--- INPUT MATERIAL Enclosed Below ---

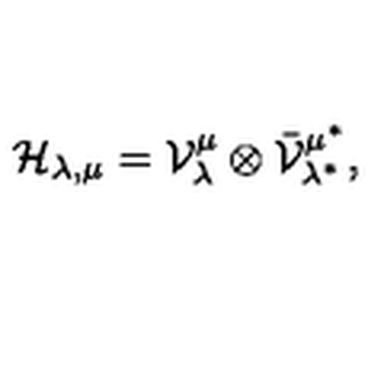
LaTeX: \mathcal { H } _ { \lambda , \mu } = \mathcal { V } _ { \lambda } ^ { \mu } \otimes \bar { \mathcal { V } } _ { \lambda ^ { * } } ^ { \mu ^ { * } } ,
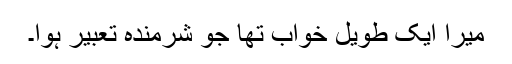
میرا ایک طویل خواب تھا جو شرمندہ تعبیر ہوا۔
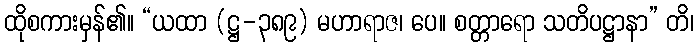
ထိုစကားမှန်၏။ “ယထာ (ဋ္ဌ-၃၈၉) မဟာရာဇ၊ ပေ။ စတ္တာရော သတိပဋ္ဌာနာ” တိ၊
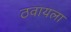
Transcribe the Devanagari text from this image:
ठवायला
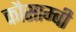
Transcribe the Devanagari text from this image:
कौसाम्बी
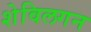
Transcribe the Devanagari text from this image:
शेविलगन
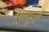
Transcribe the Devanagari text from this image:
एण्ड्रूज़
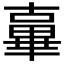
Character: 𱑓
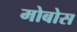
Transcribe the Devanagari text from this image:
मोबोस
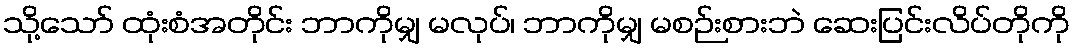
သို့သော် ထုံးစံအတိုင်း ဘာကိုမျှ မလုပ်၊ ဘာကိုမျှ မစဉ်းစားဘဲ ဆေးပြင်းလိပ်တိုကို
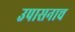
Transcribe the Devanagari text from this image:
उपासनाच
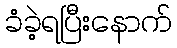
ခံခဲ့ရပြီးနောက်
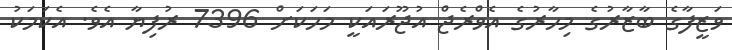
ވަޒީފާގެ ބާޒާރުގެ މިހާރުގެ އެވްރެޖް އުޖޫރައަކީ މަހަކަށް 7396 ރުފިޔާ އެވެ. އެކަމަކު
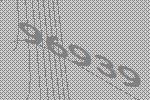
96939
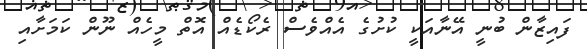
ފައިޒާން ބުނީ އޭނާއަކީ ކުށުގެ އެއްވެސް ރެކޯޑެއް އޮތް މީހެއް ނޫން ކަމަށާއި
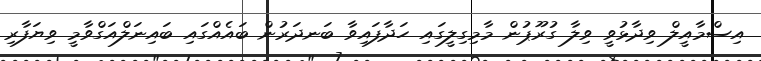
އިސްމާއީލް ވިދާޅުވީ ވިލާ ގުރޫޕުން މާމިގިލީގައި ހަދާފައިވާ ބަނދަރުން ބައެއްގައި ބައިނަލްއަގްވާމީ ވިޔަފާރި
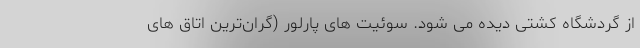
از گردشگاه کشتی دیده می شود. سوئیت های پارلور (گران‌ترین اتاق های
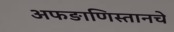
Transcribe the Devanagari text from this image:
अफङाणिस्तानचे
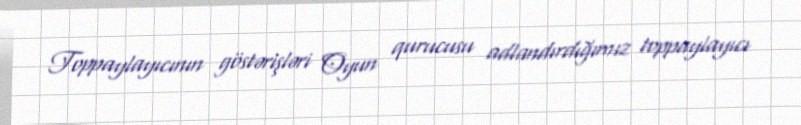
Toppaylayıcının göstərişləri Oyun qurucusu adlandırdığımız toppaylayıcı
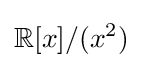
\mathbb {R} [x]/(x^{2})
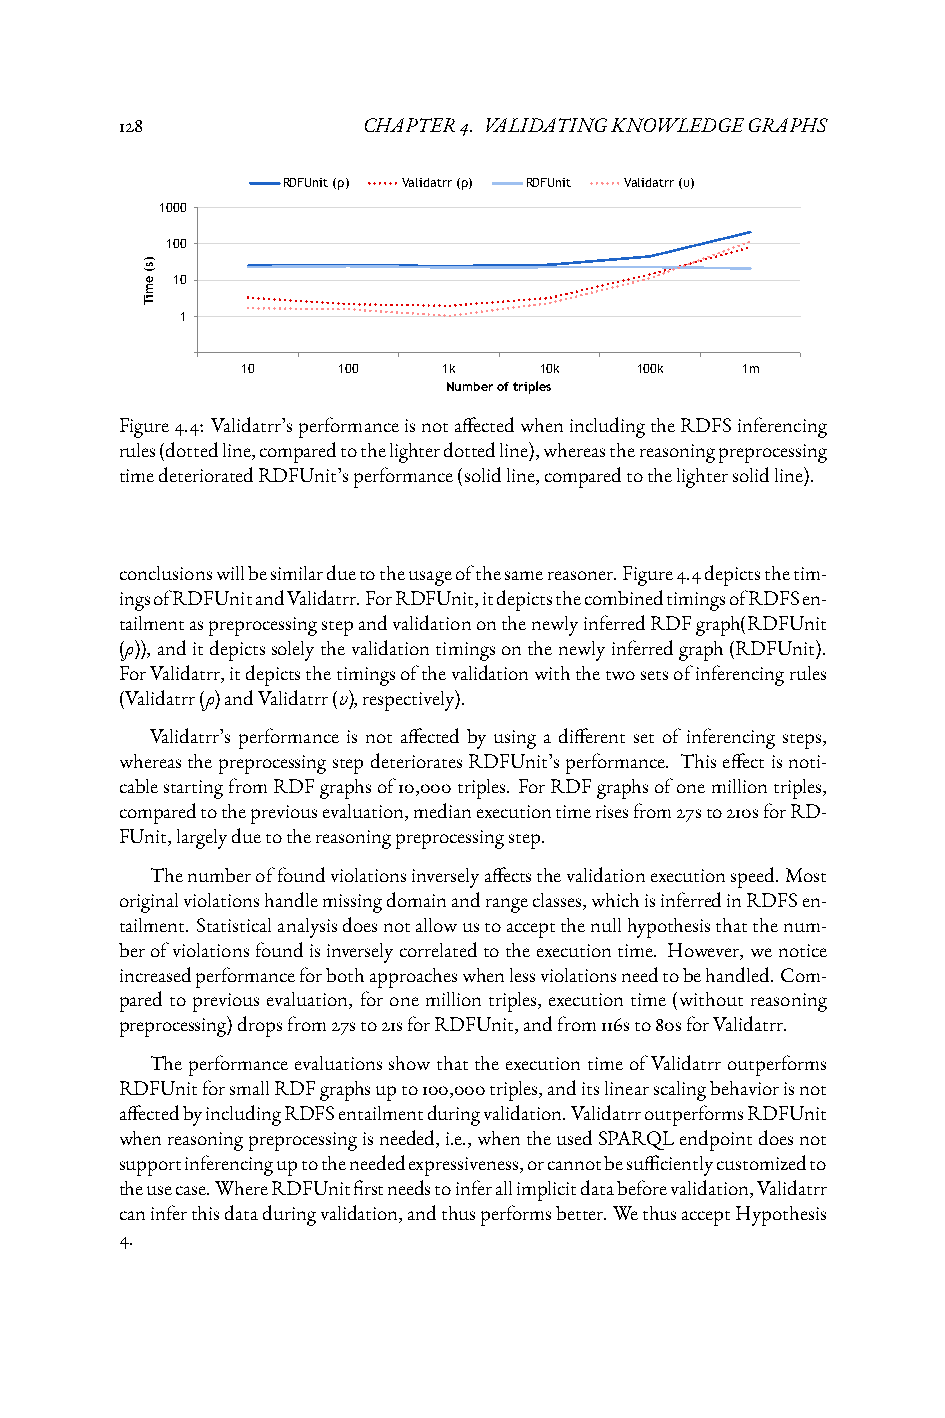
128             CHAPTER4. VALIDATINGKNOWLEDGEGRAPHS
 RDFUnit (ρ) Validatrr (ρ) RDFUnit Validatrr (υ)
 1000
 100
 )s(
 e 10
 m
 iT
 1
 10    100    1k     10k   100k   1m
 Number of triples
 Figure4.4: Validatrr’sperformanceisnotaffectedwhenincludingtheRDFSinferencing
 rules(dottedline,comparedtothelighterdottedline),whereasthereasoningpreprocessing
 timedeterioratedRDFUnit’sperformance(solidline,comparedtothelightersolidline).
 conclusionswillbesimilarduetotheusageofthesamereasoner.Figure4.4depictsthetim-
 ingsofRDFUnitandValidatrr.ForRDFUnit,itdepictsthecombinedtimingsofRDFSen-
 tailmentaspreprocessingstepandvalidationonthenewlyinferredRDFgraph(RDFUnit
 (ρ)),anditdepictssolelythevalidationtimingsonthenewlyinferredgraph(RDFUnit).
 ForValidatrr,itdepictsthetimingsofthevalidationwiththetwosetsofinferencingrules
 (Validatrr(ρ)andValidatrr(υ),respectively).
 Validatrr’s performance is not affected by using a different set of inferencing steps,
 whereasthepreprocessingstepdeterioratesRDFUnit’sperformance. Thiseffectisnoti-
 cablestartingfromRDFgraphsof10,000triples. ForRDFgraphsofonemilliontriples,
 comparedtothepreviousevaluation,medianexecutiontimerisesfrom27sto210sforRD-
 FUnit,largelyduetothereasoningpreprocessingstep.
 Thenumberoffoundviolationsinverselyaffectsthevalidationexecutionspeed.Most
 originalviolationshandlemissingdomainandrangeclasses,whichisinferredinRDFSen-
 tailment. Statisticalanalysisdoesnotallowustoacceptthenullhypothesisthatthenum-
 berofviolationsfoundisinverselycorrelatedtotheexecutiontime. However,wenotice
 increasedperformanceforbothapproacheswhenlessviolationsneedtobehandled.Com-
 paredtopreviousevaluation, foronemilliontriples, executiontime(withoutreasoning
 preprocessing)dropsfrom27sto21sforRDFUnit,andfrom116sto80sforValidatrr.
 TheperformanceevaluationsshowthattheexecutiontimeofValidatrroutperforms
 RDFUnitforsmallRDFgraphsupto100,000triples,anditslinearscalingbehaviorisnot
 affectedbyincludingRDFSentailmentduringvalidation.ValidatrroutperformsRDFUnit
 whenreasoningpreprocessingisneeded,i.e.,whentheusedSPARQLendpointdoesnot
 supportinferencinguptotheneededexpressiveness,orcannotbesufficientlycustomizedto
 theusecase.WhereRDFUnitfirstneedstoinferallimplicitdatabeforevalidation,Validatrr
 caninferthisdataduringvalidation,andthusperformsbetter.WethusacceptHypothesis
 4.
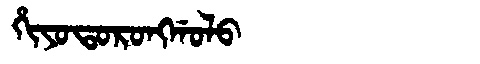
Manchu: ᡥᡳᠶᠣᡨᠣᡵᠣᠩᡤᠣᠯᠣ
Romanization: HIYOTORONGGOLO

--- End of Enclosed INPUT MATERIAL ---

◆ TASK DIRECTIONS
Only the entries themselves should be output, word for word, with all pictures omitted.

◆ TASK SOLUTION
LaTeX: \mathcal { H } _ { \lambda , \mu } = \mathcal { V } _ { \lambda } ^ { \mu } \otimes \bar { \mathcal { V } } _ { \lambda ^ { * } } ^ { \mu ^ { * } } ,
میرا ایک طویل خواب تھا جو شرمندہ تعبیر ہوا۔
ထိုစကားမှန်၏။ “ယထာ (ဋ္ဌ-၃၈၉) မဟာရာဇ၊ ပေ။ စတ္တာရော သတိပဋ္ဌာနာ” တိ၊
Transcribe the Devanagari text from this image:
ठवायला
Transcribe the Devanagari text from this image:
कौसाम्बी
Transcribe the Devanagari text from this image:
शेविलगन
Transcribe the Devanagari text from this image:
एण्ड्रूज़
Character: 𱑓
Transcribe the Devanagari text from this image:
मोबोस
သို့သော် ထုံးစံအတိုင်း ဘာကိုမျှ မလုပ်၊ ဘာကိုမျှ မစဉ်းစားဘဲ ဆေးပြင်းလိပ်တိုကို
Transcribe the Devanagari text from this image:
उपासनाच
ခံခဲ့ရပြီးနောက်
ވަޒީފާގެ ބާޒާރުގެ މިހާރުގެ އެވްރެޖް އުޖޫރައަކީ މަހަކަށް 7396 ރުފިޔާ އެވެ. އެކަމަކު
96939
ފައިޒާން ބުނީ އޭނާއަކީ ކުށުގެ އެއްވެސް ރެކޯޑެއް އޮތް މީހެއް ނޫން ކަމަށާއި
އިސްމާއީލް ވިދާޅުވީ ވިލާ ގުރޫޕުން މާމިގިލީގައި ހަދާފައިވާ ބަނދަރުން ބައެއްގައި ބައިނަލްއަގްވާމީ ވިޔަފާރި
از گردشگاه کشتی دیده می شود. سوئیت های پارلور (گران‌ترین اتاق های
Transcribe the Devanagari text from this image:
अफङाणिस्तानचे
Toppaylayıcının göstərişləri Oyun qurucusu adlandırdığımız toppaylayıcı
\mathbb {R} [x]/(x^{2})
128             CHAPTER4. VALIDATINGKNOWLEDGEGRAPHS
 RDFUnit (ρ) Validatrr (ρ) RDFUnit Validatrr (υ)
 1000
 100
 )s(
 e 10
 m
 iT
 1
 10    100    1k     10k   100k   1m
 Number of triples
 Figure4.4: Validatrr’sperformanceisnotaffectedwhenincludingtheRDFSinferencing
 rules(dottedline,comparedtothelighterdottedline),whereasthereasoningpreprocessing
 timedeterioratedRDFUnit’sperformance(solidline,comparedtothelightersolidline).
 conclusionswillbesimilarduetotheusageofthesamereasoner.Figure4.4depictsthetim-
 ingsofRDFUnitandValidatrr.ForRDFUnit,itdepictsthecombinedtimingsofRDFSen-
 tailmentaspreprocessingstepandvalidationonthenewlyinferredRDFgraph(RDFUnit
 (ρ)),anditdepictssolelythevalidationtimingsonthenewlyinferredgraph(RDFUnit).
 ForValidatrr,itdepictsthetimingsofthevalidationwiththetwosetsofinferencingrules
 (Validatrr(ρ)andValidatrr(υ),respectively).
 Validatrr’s performance is not affected by using a different set of inferencing steps,
 whereasthepreprocessingstepdeterioratesRDFUnit’sperformance. Thiseffectisnoti-
 cablestartingfromRDFgraphsof10,000triples. ForRDFgraphsofonemilliontriples,
 comparedtothepreviousevaluation,medianexecutiontimerisesfrom27sto210sforRD-
 FUnit,largelyduetothereasoningpreprocessingstep.
 Thenumberoffoundviolationsinverselyaffectsthevalidationexecutionspeed.Most
 originalviolationshandlemissingdomainandrangeclasses,whichisinferredinRDFSen-
 tailment. Statisticalanalysisdoesnotallowustoacceptthenullhypothesisthatthenum-
 berofviolationsfoundisinverselycorrelatedtotheexecutiontime. However,wenotice
 increasedperformanceforbothapproacheswhenlessviolationsneedtobehandled.Com-
 paredtopreviousevaluation, foronemilliontriples, executiontime(withoutreasoning
 preprocessing)dropsfrom27sto21sforRDFUnit,andfrom116sto80sforValidatrr.
 TheperformanceevaluationsshowthattheexecutiontimeofValidatrroutperforms
 RDFUnitforsmallRDFgraphsupto100,000triples,anditslinearscalingbehaviorisnot
 affectedbyincludingRDFSentailmentduringvalidation.ValidatrroutperformsRDFUnit
 whenreasoningpreprocessingisneeded,i.e.,whentheusedSPARQLendpointdoesnot
 supportinferencinguptotheneededexpressiveness,orcannotbesufficientlycustomizedto
 theusecase.WhereRDFUnitfirstneedstoinferallimplicitdatabeforevalidation,Validatrr
 caninferthisdataduringvalidation,andthusperformsbetter.WethusacceptHypothesis
 4.
Manchu: ᡥᡳᠶᠣᡨᠣᡵᠣᠩᡤᠣᠯᠣ
Romanization: HIYOTORONGGOLO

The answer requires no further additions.